The rise of fixed income trading venues.
/You've probably seen the most recent news about GlobalCurve. GlobalCurve is the latest attempt by major investment banks to play a more significant role the fixed income trading industry. Translated: It's their way of securing a market that they dominate and control by expanding their reach into listed derivatives. They already control fixed income trading (gov. bonds, corporates, etc.) as well as the OTC derivatives market.
Organizing trading in listed derivatives has always been the privilege of exchanges. Obviously the investment banks have a large stake but the influence of other financial players (e.g. HFT) is growing. In the case of GlobalCurve the investment banks have teamed up with CBOE to break certain monopolies in Europe. First target is Eurex.
Although I do encourage competition, I'm prudent when it comes to estimating the possibilities of success of such a new exchange. Why? Because there are so many new exchanges. The author this blog attempts to keep track of the fixed income trading venues popping up around the world. At the time of writing this article there were 92....
So why are all these exchange surfacing? I guess that MIFID II is the first reason. To understand this we need to look back at what happened during the MIFID I period. Equity trading in Europe was no longer the privilege of the well-established monopolistic exchanges. LSE, Euronext, Deutsche Boerse, etc all faced increasing competition from MTFs like CHI-X and BATS. On top of it exchanges were also joining the competition by establishing their own MTF in an effort to capture flow from other exchanges. What remains today of all these MTFs? Almost nothing... BATS CHI-X Europe is the only significant MTF remaining and it has now joined the ranks of the exchanges it was competing against a few years ago. (TOM MTF in the Netherlands is also successful. However, so far they have failed to gain significant tracking outside of the Netherlands.)
The big gain from MIFID I for me is that on exchange trading has become cheaper and better. Exchanges treat members as real clients, trading fees are more in line with the actual effort and cost it takes to facilitate trading, transparency has increased, the IT-environment is more reliable and so on. The downside is that the chaotic start of MIFID I came at great costs.

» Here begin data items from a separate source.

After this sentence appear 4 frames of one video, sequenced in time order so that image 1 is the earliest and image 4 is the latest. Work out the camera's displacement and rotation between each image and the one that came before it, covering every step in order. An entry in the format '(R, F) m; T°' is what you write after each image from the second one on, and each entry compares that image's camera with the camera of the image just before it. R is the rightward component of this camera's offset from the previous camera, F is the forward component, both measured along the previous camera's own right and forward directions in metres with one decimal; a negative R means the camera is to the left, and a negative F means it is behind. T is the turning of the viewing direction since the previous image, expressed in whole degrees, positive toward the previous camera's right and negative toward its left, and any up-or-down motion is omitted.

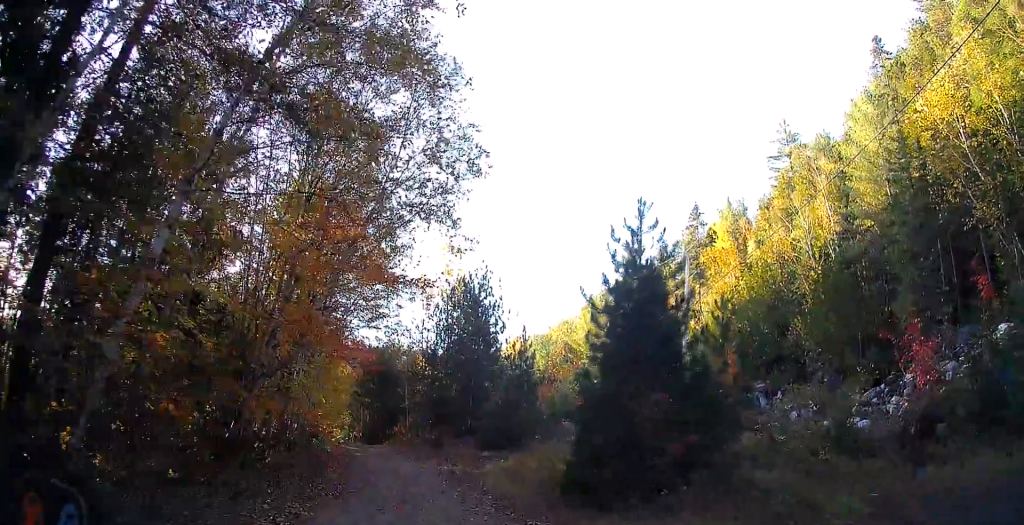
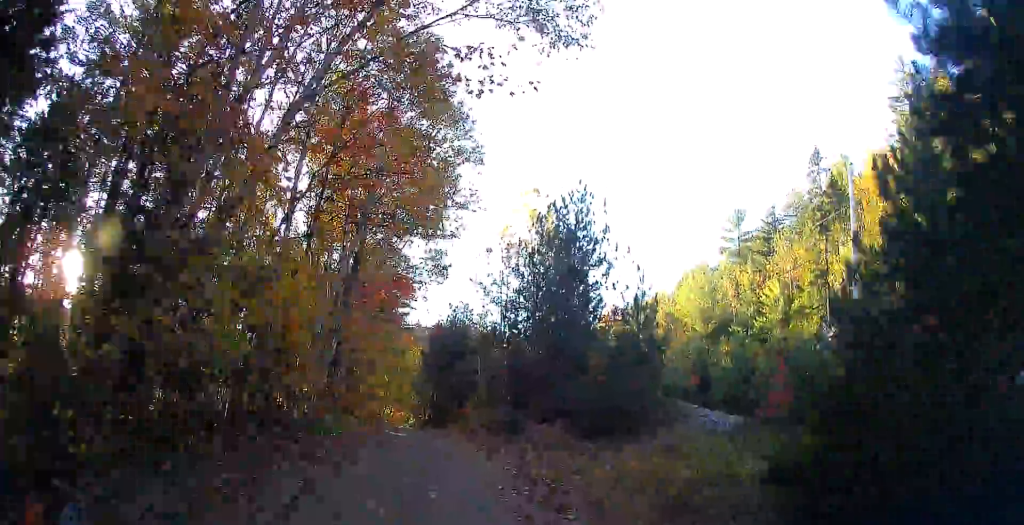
(+0.2, +11.2) m; -2°
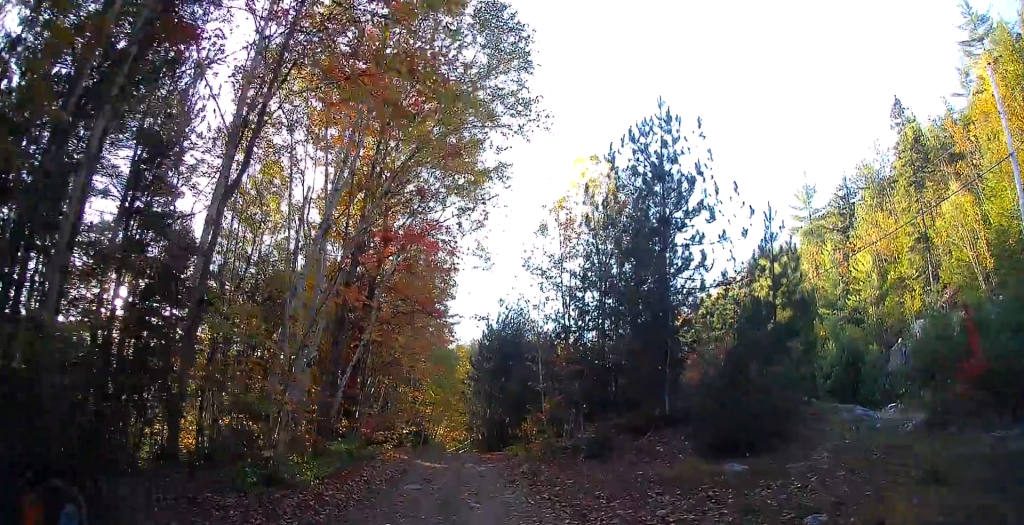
(-0.2, +8.4) m; +2°
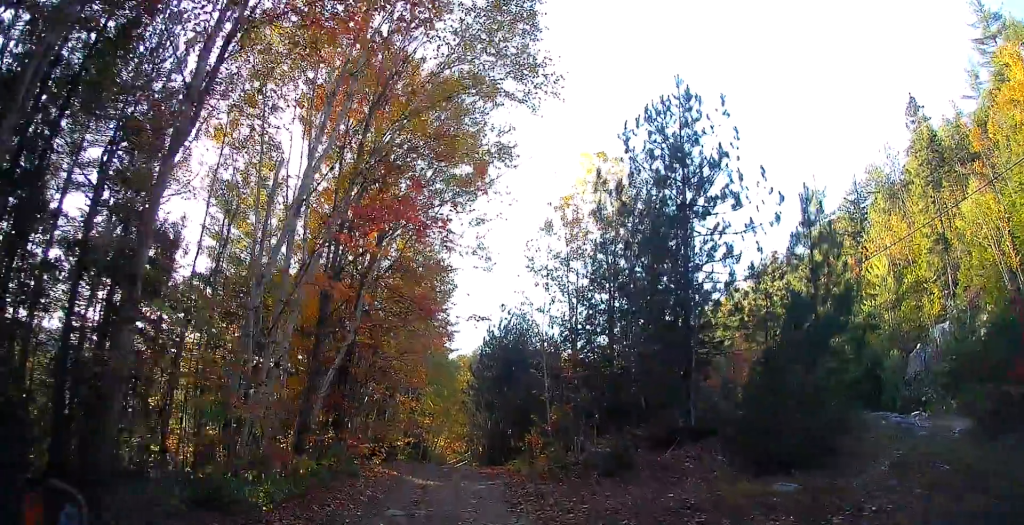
(0.0, +2.4) m; +2°

With MIFID II now almost ready, there is a good chance that we will see history repeat itself, only now in other asset classes. Fixed Income seems to be the prime focus as there is a lot of room for improvement.
My advice: be smart about the venues you connect to. Look at where the real flow is and what venues can do to attract flow. In the mean time you will need to explain to clients and stakeholders how you are securing their interest. My guess is that they will understand.
PS 1: Let's look at the data: According to Greenwich, the top 5 dealers in 2014 in Europe were Barclays (11. 9%), Deutsche Bank (9,7%), J.P. Morgan (8.9%), Citi (8,6%) and HSBC (7.1%). GlobalCurve is backed by: Goldman Sachs, Citi, JPMorgan, Bank of America Merrill Lynch, Barclays, Société Générale and CBOE Holdings. The two lists have clear similarities.
PS 2: The reason why BATS CHI-X Europe was successful was, in my view, the mix of stakeholders. This is exactly the reason why a lot of new initiatives will not work.